▸ **WORK TO COMPLETE**:
What you output must match the entries exactly, apart from the pictures, which are left out.

Records contained in a dataset
=== Begin Enclosure ===
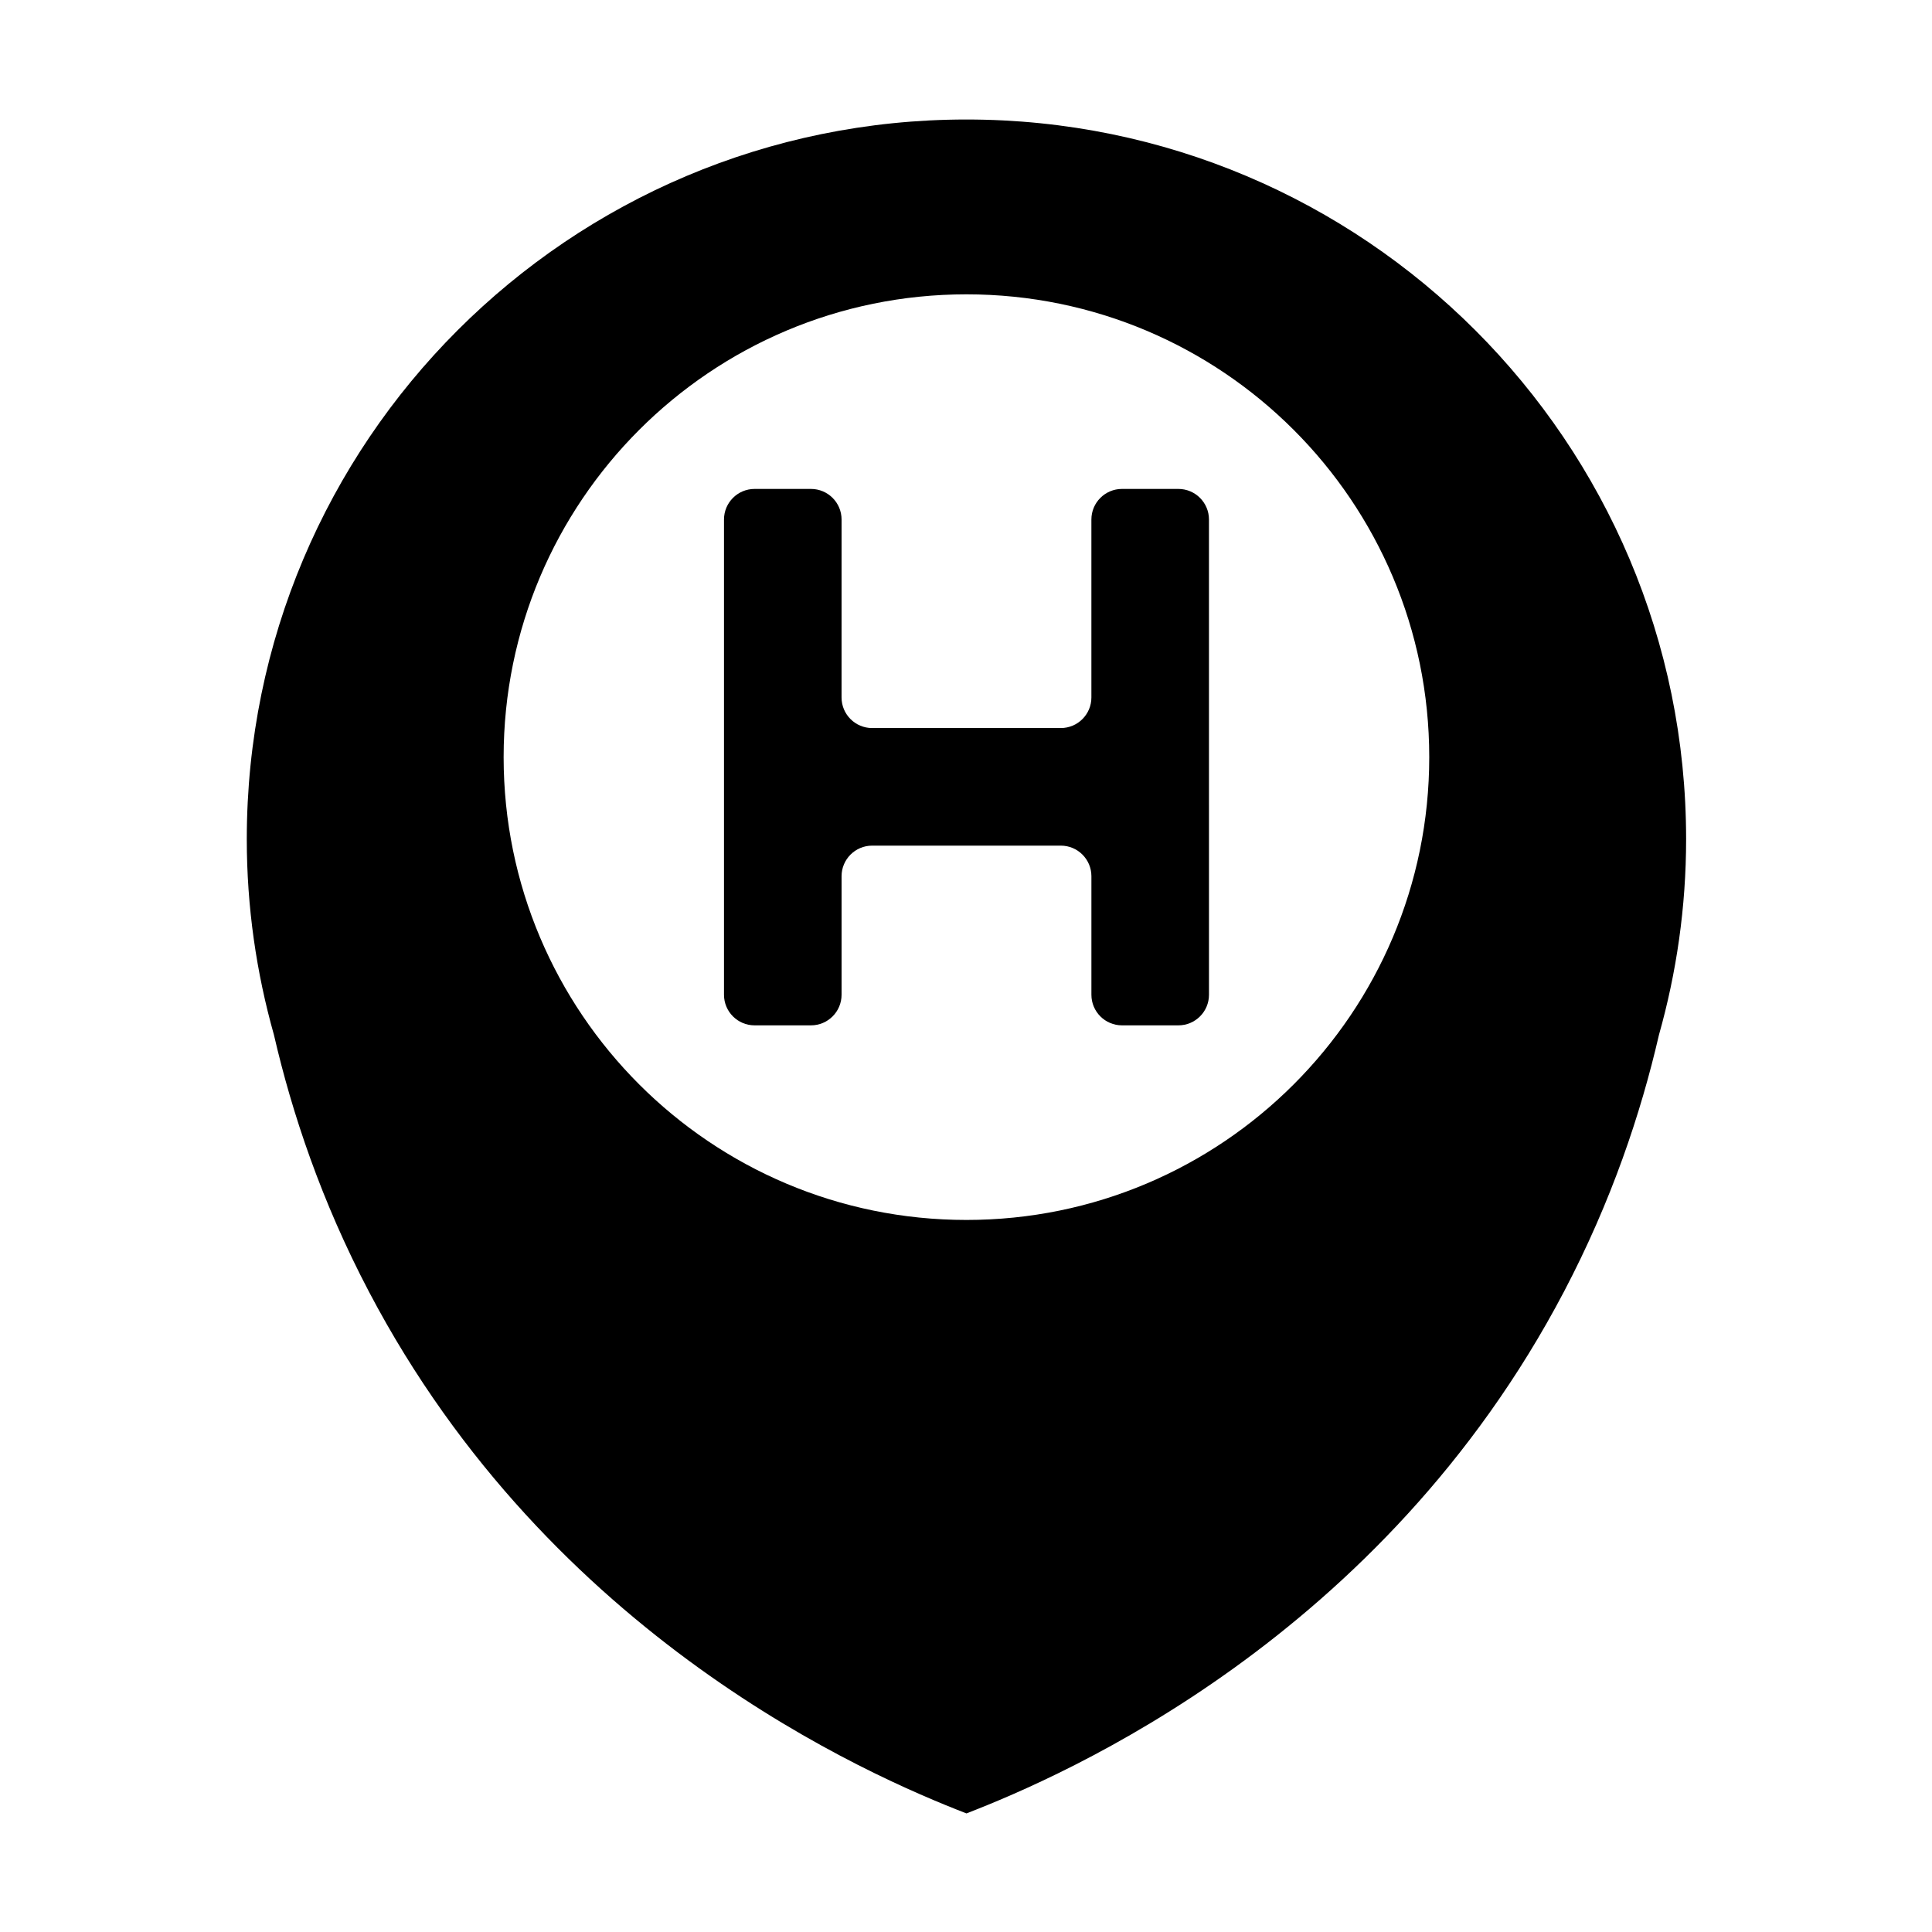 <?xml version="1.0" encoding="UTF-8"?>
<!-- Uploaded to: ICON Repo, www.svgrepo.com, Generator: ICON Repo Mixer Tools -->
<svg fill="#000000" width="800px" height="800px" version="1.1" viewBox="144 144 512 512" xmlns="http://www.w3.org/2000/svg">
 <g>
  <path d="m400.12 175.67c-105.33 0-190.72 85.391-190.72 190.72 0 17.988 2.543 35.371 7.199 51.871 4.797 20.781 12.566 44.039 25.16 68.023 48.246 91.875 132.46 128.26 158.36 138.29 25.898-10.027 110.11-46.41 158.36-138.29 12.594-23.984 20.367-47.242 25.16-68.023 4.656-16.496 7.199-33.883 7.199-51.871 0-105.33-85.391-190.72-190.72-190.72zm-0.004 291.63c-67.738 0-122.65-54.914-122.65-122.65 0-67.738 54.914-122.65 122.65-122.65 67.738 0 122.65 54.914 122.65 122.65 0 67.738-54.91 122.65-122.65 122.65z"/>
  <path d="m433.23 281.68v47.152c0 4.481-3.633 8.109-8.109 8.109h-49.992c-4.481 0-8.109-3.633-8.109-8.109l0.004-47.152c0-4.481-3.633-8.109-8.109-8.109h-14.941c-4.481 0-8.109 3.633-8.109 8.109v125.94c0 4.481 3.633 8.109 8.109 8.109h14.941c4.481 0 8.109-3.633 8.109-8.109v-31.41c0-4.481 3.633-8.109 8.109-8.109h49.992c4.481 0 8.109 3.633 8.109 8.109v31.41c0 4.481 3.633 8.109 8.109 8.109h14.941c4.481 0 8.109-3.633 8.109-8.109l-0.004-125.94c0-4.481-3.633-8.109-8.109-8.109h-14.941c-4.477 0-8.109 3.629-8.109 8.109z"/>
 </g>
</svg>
=== End Enclosure ===
▸ **EXERCISE SOLUTION**:
 <?xml version="1.0" encoding="UTF-8"?>
<!-- Uploaded to: ICON Repo, www.svgrepo.com, Generator: ICON Repo Mixer Tools -->
<svg fill="#000000" width="800px" height="800px" version="1.1" viewBox="144 144 512 512" xmlns="http://www.w3.org/2000/svg">
 <g>
  <path d="m400.12 175.67c-105.33 0-190.72 85.391-190.72 190.72 0 17.988 2.543 35.371 7.199 51.871 4.797 20.781 12.566 44.039 25.16 68.023 48.246 91.875 132.46 128.26 158.36 138.29 25.898-10.027 110.11-46.41 158.36-138.29 12.594-23.984 20.367-47.242 25.16-68.023 4.656-16.496 7.199-33.883 7.199-51.871 0-105.33-85.391-190.72-190.72-190.72zm-0.004 291.63c-67.738 0-122.65-54.914-122.65-122.65 0-67.738 54.914-122.65 122.65-122.65 67.738 0 122.65 54.914 122.65 122.65 0 67.738-54.91 122.65-122.65 122.65z"/>
  <path d="m433.23 281.68v47.152c0 4.481-3.633 8.109-8.109 8.109h-49.992c-4.481 0-8.109-3.633-8.109-8.109l0.004-47.152c0-4.481-3.633-8.109-8.109-8.109h-14.941c-4.481 0-8.109 3.633-8.109 8.109v125.94c0 4.481 3.633 8.109 8.109 8.109h14.941c4.481 0 8.109-3.633 8.109-8.109v-31.41c0-4.481 3.633-8.109 8.109-8.109h49.992c4.481 0 8.109 3.633 8.109 8.109v31.41c0 4.481 3.633 8.109 8.109 8.109h14.941c4.481 0 8.109-3.633 8.109-8.109l-0.004-125.94c0-4.481-3.633-8.109-8.109-8.109h-14.941c-4.477 0-8.109 3.629-8.109 8.109z"/>
 </g>
</svg>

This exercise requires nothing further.